WARNING: The following images are stupid and tragic and you will only find them funny if you are a bad person, like me.
These are screengrabs from a Qanon hangout where users are complaining that their loved ones have all abandoned them:
And not to totally change the subject, but I unscientifically asked my Twitter followers if they’d stopped speaking to any family members due to a difference in political views and almost 44% said they had:
This sounds like a great time to talk about the one huge conspiracy theory that I secretly believe, so buckle up:
Before we start, my next novel is up for pre-order! If you want a signed hardcover you can only get them here. All the other buy links, including audio, are right here. If you want to read the first two chapters to get a sense of what you’re buying, here you go.
1. Avoiding the proverbial racist uncle at Thanksgiving
The first thing you need to understand is that the alienation the Qanon types endure is a feature, not a bug.
This is the same mechanism that allows cults to survive, a technique experts call, “Encourage the members to act like weird assholes so that nobody else will want to be friends with them.” It is necessary, because social isolation keeps fragile beliefs intact. This is why political outrage influencers have always trained their followers to repeat talking points in the most off-putting, dehumanizing tone possible.
Knowing this, we should be suspicious of anyone who implies that cutting off loved ones is a virtue. It tends to be a method of control.

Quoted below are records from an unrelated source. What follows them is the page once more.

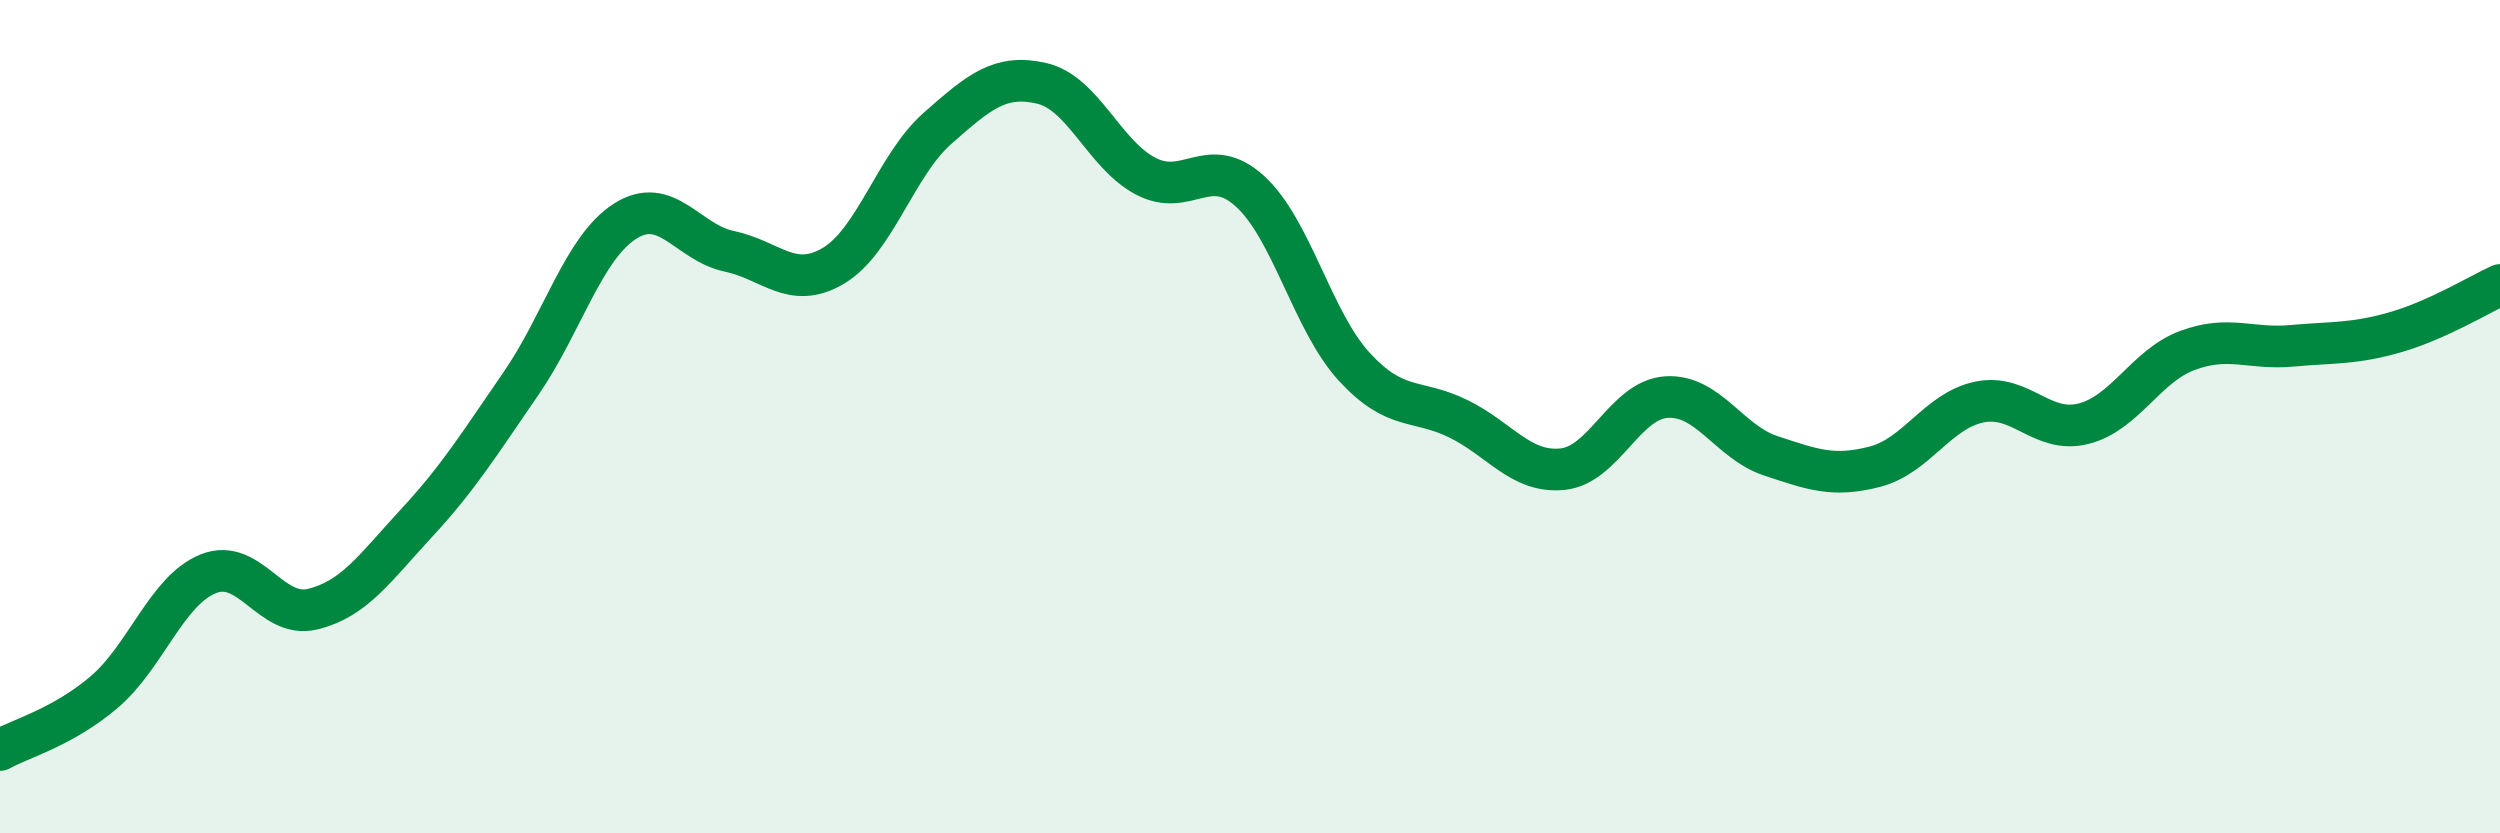 
    <svg width="60" height="20" viewBox="0 0 60 20" xmlns="http://www.w3.org/2000/svg">
      <path
        d="M 0,18 C 0.5,17.72 1.5,17.46 2.5,16.61 C 3.5,15.76 4,14.17 5,13.77 C 6,13.37 6.5,14.86 7.5,14.62 C 8.5,14.38 9,13.63 10,12.55 C 11,11.47 11.5,10.66 12.5,9.21 C 13.5,7.76 14,5.95 15,5.31 C 16,4.67 16.5,5.82 17.5,6.03 C 18.5,6.24 19,6.97 20,6.38 C 21,5.79 21.5,3.96 22.5,3.08 C 23.5,2.2 24,1.77 25,2 C 26,2.23 26.5,3.71 27.5,4.23 C 28.5,4.75 29,3.68 30,4.59 C 31,5.5 31.5,7.71 32.5,8.8 C 33.5,9.89 34,9.56 35,10.05 C 36,10.54 36.5,11.36 37.5,11.26 C 38.5,11.16 39,9.59 40,9.53 C 41,9.47 41.5,10.61 42.5,10.94 C 43.5,11.27 44,11.46 45,11.2 C 46,10.94 46.5,9.86 47.5,9.65 C 48.5,9.44 49,10.42 50,10.17 C 51,9.92 51.5,8.78 52.5,8.41 C 53.5,8.04 54,8.39 55,8.3 C 56,8.21 56.5,8.26 57.5,7.97 C 58.5,7.68 59.5,7.07 60,6.84L60 20L0 20Z"
        fill="#008740"
        opacity="0.1"
        stroke-linecap="round"
        stroke-linejoin="round"
      />
      <path
        d="M 0,18 C 0.5,17.72 1.5,17.46 2.5,16.61 C 3.5,15.76 4,14.17 5,13.77 C 6,13.37 6.5,14.86 7.5,14.62 C 8.5,14.38 9,13.63 10,12.55 C 11,11.47 11.5,10.66 12.5,9.21 C 13.5,7.76 14,5.95 15,5.31 C 16,4.67 16.5,5.82 17.5,6.03 C 18.5,6.24 19,6.97 20,6.38 C 21,5.79 21.5,3.96 22.5,3.08 C 23.5,2.2 24,1.77 25,2 C 26,2.23 26.5,3.71 27.5,4.23 C 28.5,4.75 29,3.68 30,4.59 C 31,5.5 31.5,7.71 32.5,8.8 C 33.5,9.89 34,9.56 35,10.05 C 36,10.54 36.5,11.36 37.5,11.26 C 38.5,11.16 39,9.59 40,9.53 C 41,9.47 41.5,10.61 42.5,10.94 C 43.5,11.27 44,11.46 45,11.2 C 46,10.94 46.5,9.86 47.5,9.65 C 48.5,9.44 49,10.42 50,10.17 C 51,9.92 51.5,8.78 52.5,8.41 C 53.5,8.04 54,8.39 55,8.3 C 56,8.21 56.5,8.26 57.5,7.97 C 58.5,7.68 59.5,7.07 60,6.84"
        stroke="#008740"
        stroke-width="1"
        fill="none"
        stroke-linecap="round"
        stroke-linejoin="round"
      />
    </svg>

Now obviously only a true bastard would suggest that, say, a trans teenager should be forced to spend time around her openly transphobic father, or that anyone owes it to their racist grandpa to listen to his rants about how Trump’s border wall should include sniper nests. Even if they’re just parroting something they saw on Facebook, some positions are less about policy preferences and more about an ugliness in the heart.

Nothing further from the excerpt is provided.